**THE TASK**
Your answer should consist only of the records, copied exactly, with the images removed.

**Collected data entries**
»»

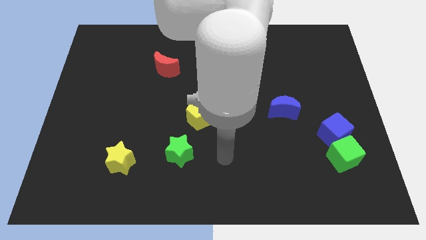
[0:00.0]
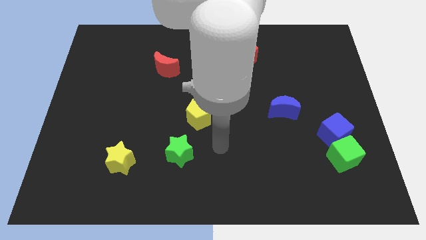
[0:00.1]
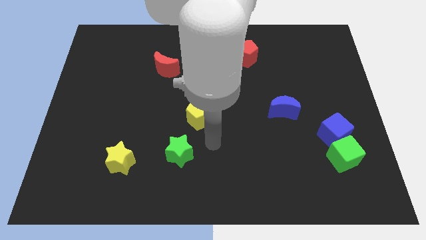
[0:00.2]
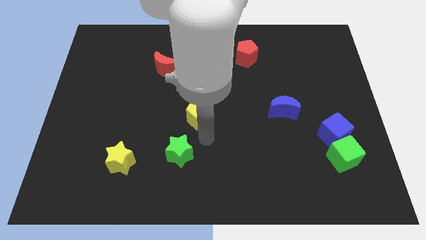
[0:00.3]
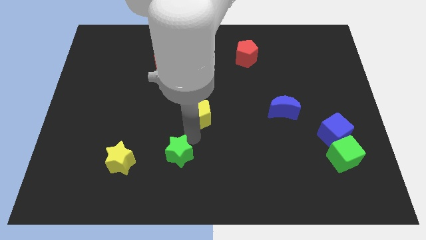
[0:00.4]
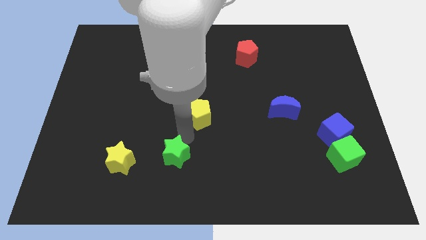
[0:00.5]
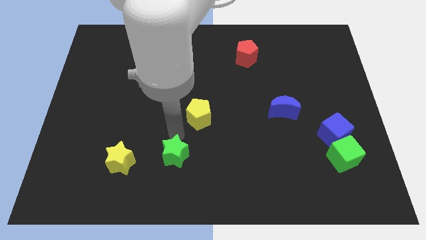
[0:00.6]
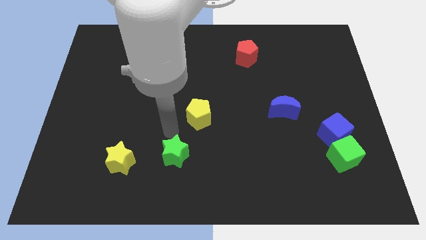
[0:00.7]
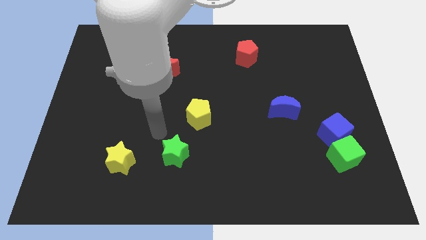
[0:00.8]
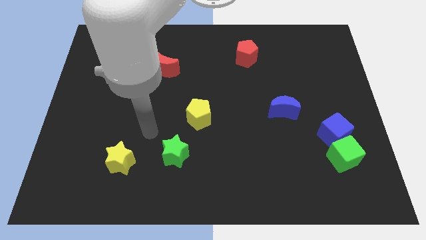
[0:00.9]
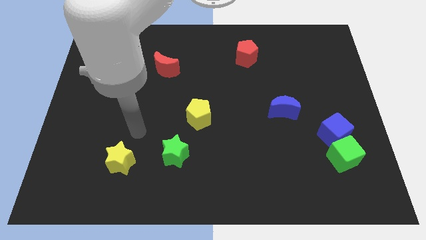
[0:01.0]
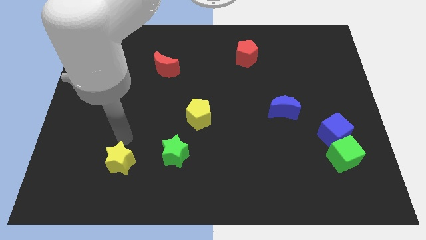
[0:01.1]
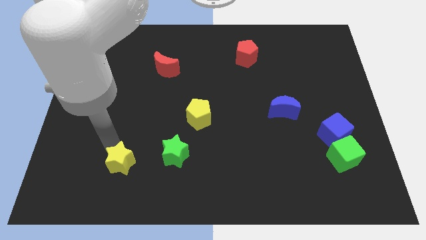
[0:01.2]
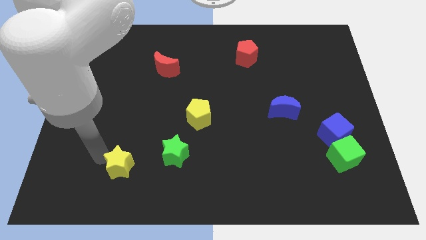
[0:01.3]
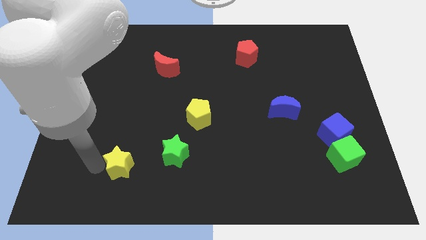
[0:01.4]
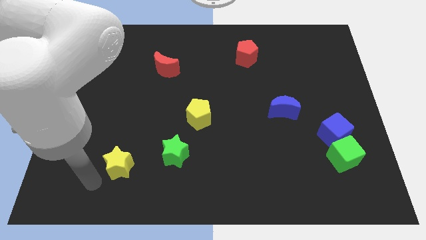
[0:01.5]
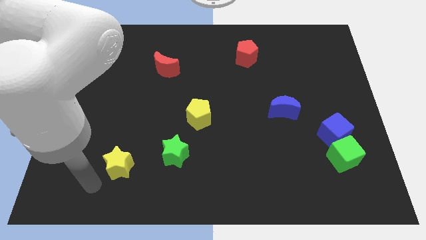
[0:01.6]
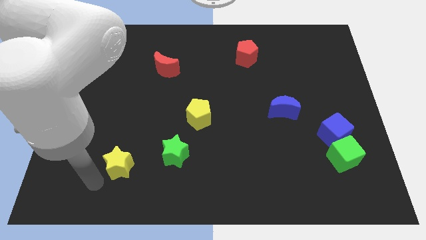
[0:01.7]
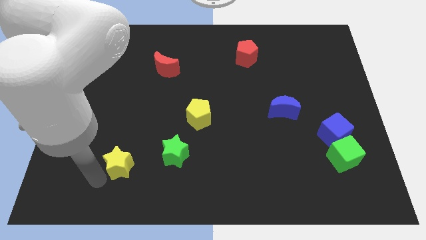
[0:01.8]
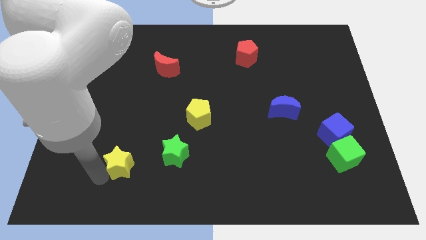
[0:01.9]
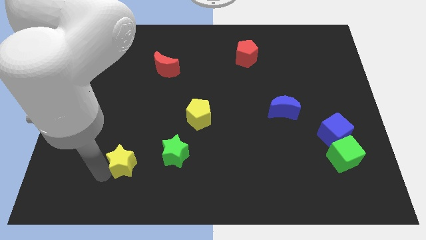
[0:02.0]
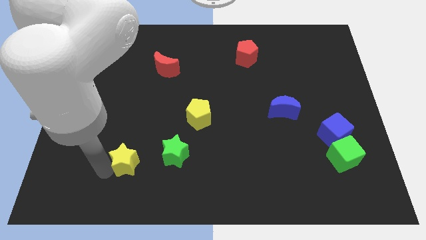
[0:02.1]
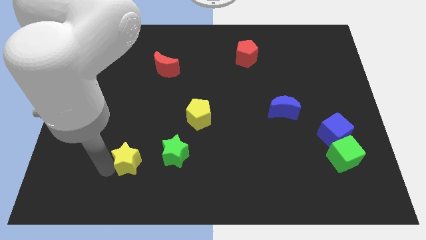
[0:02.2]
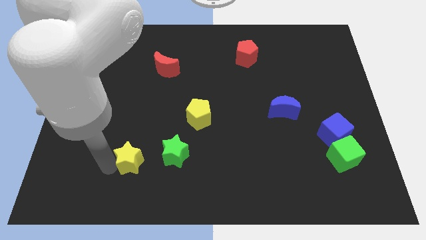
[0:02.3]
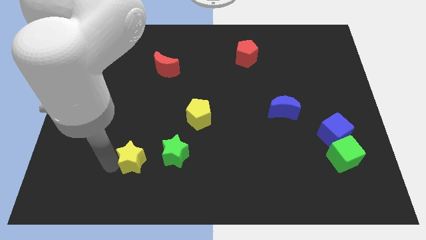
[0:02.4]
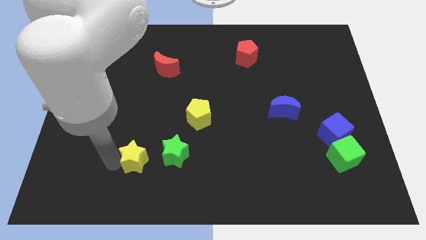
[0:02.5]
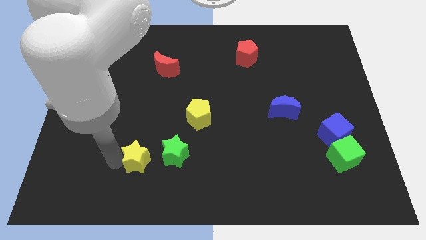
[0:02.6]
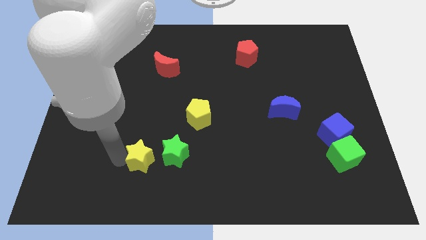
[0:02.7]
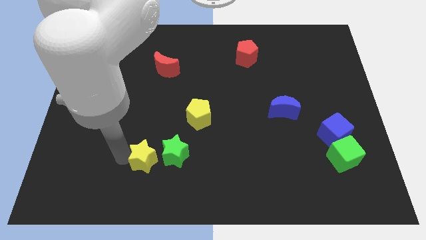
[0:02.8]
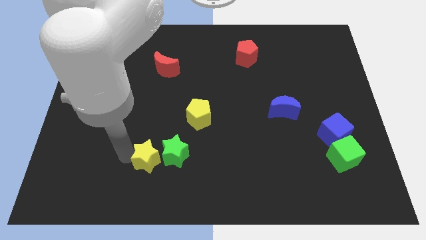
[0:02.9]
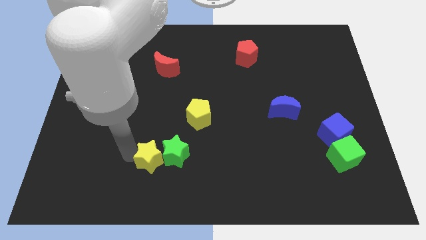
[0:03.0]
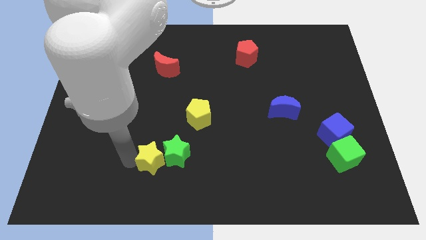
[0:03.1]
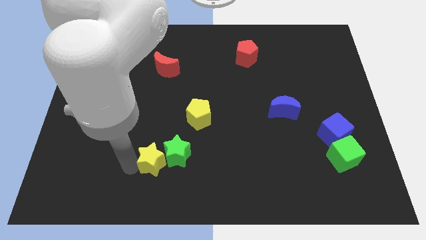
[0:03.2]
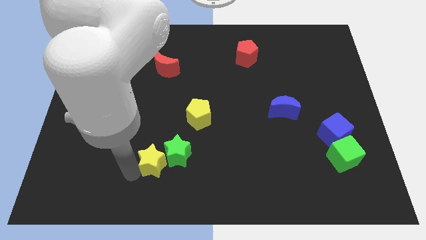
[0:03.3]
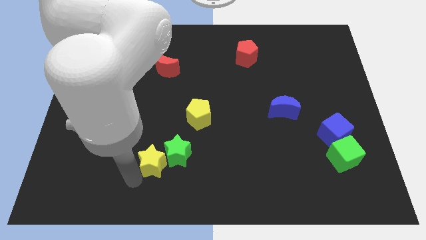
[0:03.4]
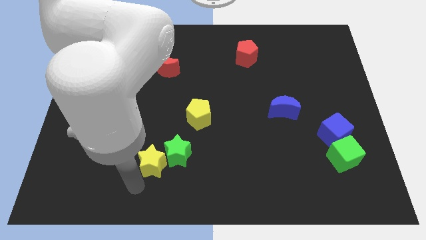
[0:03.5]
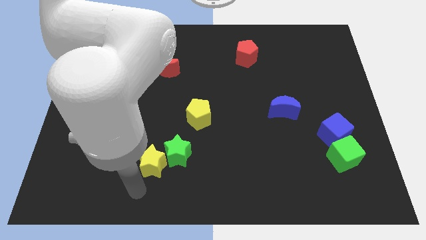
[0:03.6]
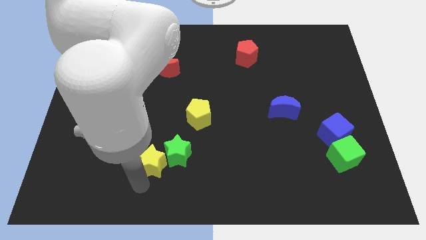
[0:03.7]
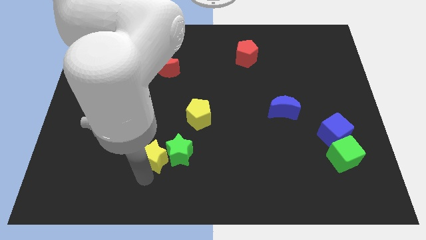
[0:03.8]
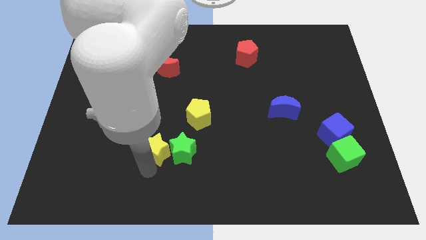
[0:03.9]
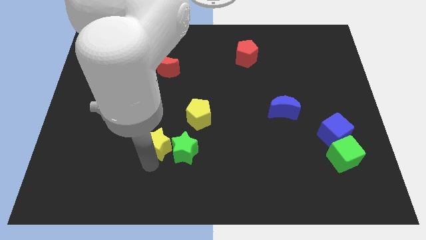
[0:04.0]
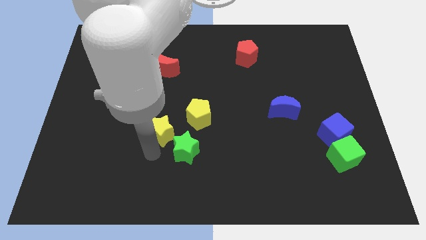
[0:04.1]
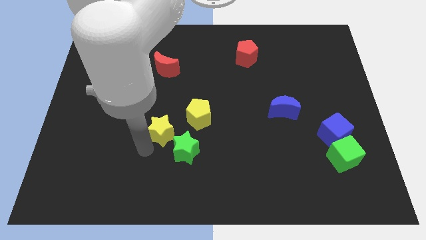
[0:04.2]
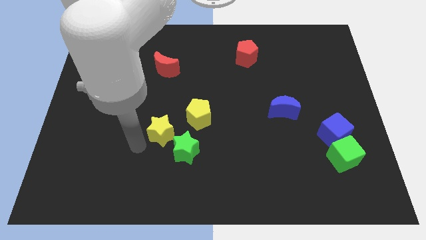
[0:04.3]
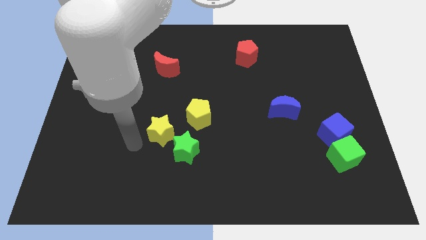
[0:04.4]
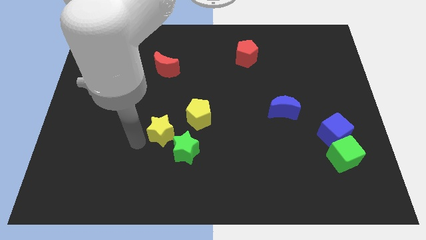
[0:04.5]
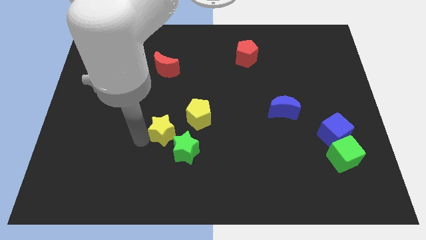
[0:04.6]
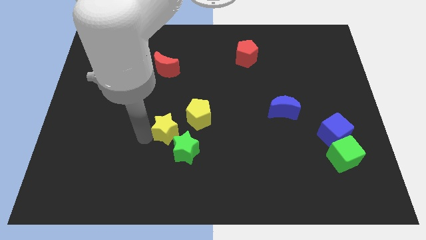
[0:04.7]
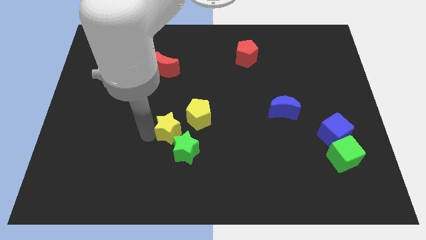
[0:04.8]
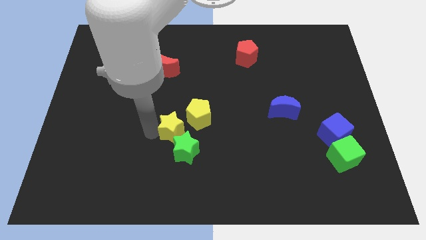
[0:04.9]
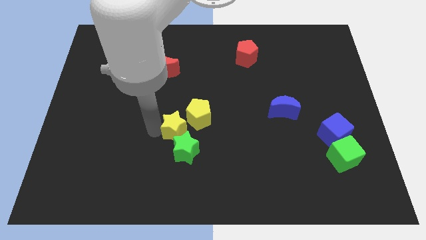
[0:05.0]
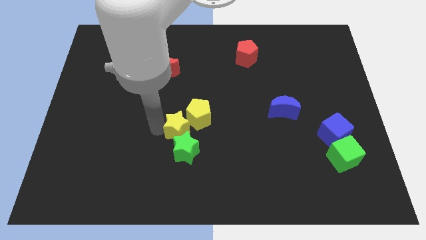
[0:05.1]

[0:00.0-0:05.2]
push the yellow star close to the yellow pentagon

««

**ANSWER TO THIS EXERCISE**
[0:00.0]
[0:00.1]
[0:00.2]
[0:00.3]
[0:00.4]
[0:00.5]
[0:00.6]
[0:00.7]
[0:00.8]
[0:00.9]
[0:01.0]
[0:01.1]
[0:01.2]
[0:01.3]
[0:01.4]
[0:01.5]
[0:01.6]
[0:01.7]
[0:01.8]
[0:01.9]
[0:02.0]
[0:02.1]
[0:02.2]
[0:02.3]
[0:02.4]
[0:02.5]
[0:02.6]
[0:02.7]
[0:02.8]
[0:02.9]
[0:03.0]
[0:03.1]
[0:03.2]
[0:03.3]
[0:03.4]
[0:03.5]
[0:03.6]
[0:03.7]
[0:03.8]
[0:03.9]
[0:04.0]
[0:04.1]
[0:04.2]
[0:04.3]
[0:04.4]
[0:04.5]
[0:04.6]
[0:04.7]
[0:04.8]
[0:04.9]
[0:05.0]
[0:05.1]

[0:00.0-0:05.2]
push the yellow star close to the yellow pentagon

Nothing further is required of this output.